Visit the imprisoned – ransom the captive

  • One of the wonderful parts of being in a merciful community is that our fellow community members are able to see things in us that we might not see in ourselves. … gifts, talents… They see our faults too. We help each other stay on the right path when we can. And even in our imperfection, our own brokenness, we can help others heal. Together, and with the grace of God, we are lifted up, let out, set free. – Kerry Weber
  • The Spirit of the Lord is upon me, because he has anointed me to preach good news to the poor. He has sent me to proclaim release to the captives and recovering of sight to the blind, to set at liberty those who are oppressed. Luke 4:18
  • Treat a caregiver to a break, whether by babysitting, or sitting with someone’s elderly parent. Volunteer with prison ministry.
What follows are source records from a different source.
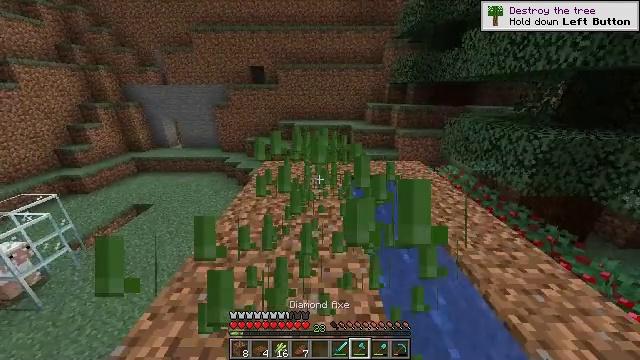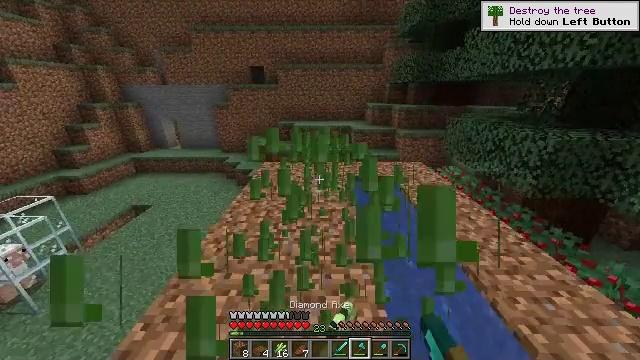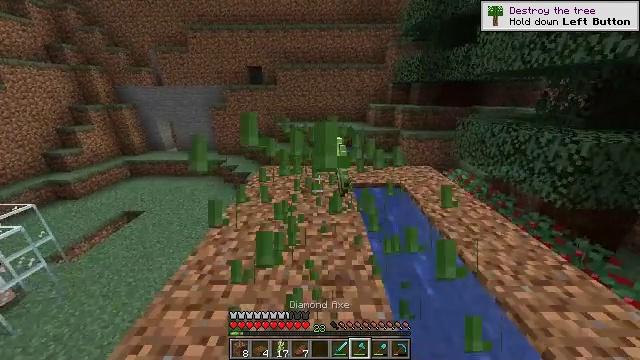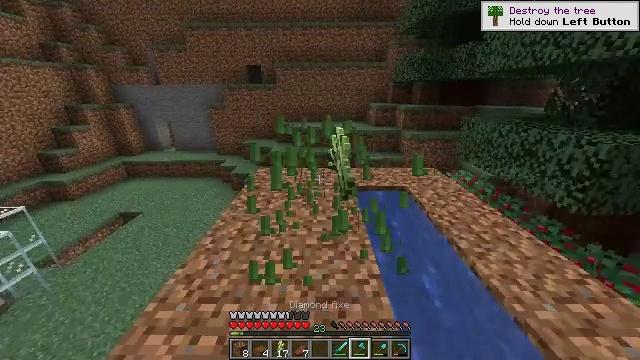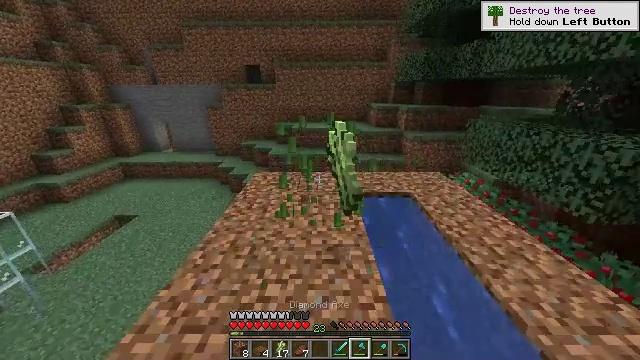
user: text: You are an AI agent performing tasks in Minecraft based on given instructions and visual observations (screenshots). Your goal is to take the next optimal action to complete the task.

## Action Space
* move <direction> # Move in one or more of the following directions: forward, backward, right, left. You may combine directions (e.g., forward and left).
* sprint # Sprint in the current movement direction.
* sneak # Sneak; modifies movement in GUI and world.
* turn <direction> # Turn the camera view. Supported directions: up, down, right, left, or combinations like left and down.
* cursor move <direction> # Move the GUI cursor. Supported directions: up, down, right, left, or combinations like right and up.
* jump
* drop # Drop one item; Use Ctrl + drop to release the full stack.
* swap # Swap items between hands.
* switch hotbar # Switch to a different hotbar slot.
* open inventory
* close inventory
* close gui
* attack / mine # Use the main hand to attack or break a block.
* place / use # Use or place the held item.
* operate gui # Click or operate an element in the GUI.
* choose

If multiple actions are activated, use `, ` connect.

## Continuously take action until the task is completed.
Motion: motion action
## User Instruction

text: Gather sugar cane for crafting.
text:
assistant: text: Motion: move forward, attack / mine
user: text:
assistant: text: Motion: move forward, attack / mine
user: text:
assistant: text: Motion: move forward
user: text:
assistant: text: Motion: attack / mine
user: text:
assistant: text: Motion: attack / mine

Look for groups that assist families of prisoners. – B

Bury the dead

  • I have seen the birth of such life in young women who came to the fountain of mercy after suffering from abortion and in young men who came seeking healing after being wounded in the darkness of pornography and addiction. … Yes, it is painful to be at Calvary, yet because there I meet Jesus, the one who is the life and Resurrection, even when I’m there to bury the dead or walk with those who are spiritually dead, I stand there with hope, to carry hope, and to pass on hope. – Mother Olga Yaqob
  • You matter. When everything boils down, that is what this work of mercy—burying the dead—is all about. Looking closely, we see that this work of mercy actually hits home in the most intimate place of our hearts: our deep thirst to know that even our greatest vulnerability—death—doesn’t take away the meaning and purpose of our bodies. Rather, in death, our bodies separated from our souls in the ultimate poverty and powerlessness, await Someone who will come and bring this body back to life. In burying someone we are saying: “You are worth reverencing. You are sacred. And you belong to Christ.” With this act, we surrender to the earthshaking reality of the truth of ourselves, body and soul, and the mad love God has for us. – Sr. Marie Veritas, SV

I’ll close with this quote from Fr. Larry Richards: “Now you might be thinking, ‘OK, OK, I should start to do something.’ But thoughts and good intentions are not enough—you need to turn these thoughts into reality. So what are you going to do? [..]. Let God use you and start to change the world!”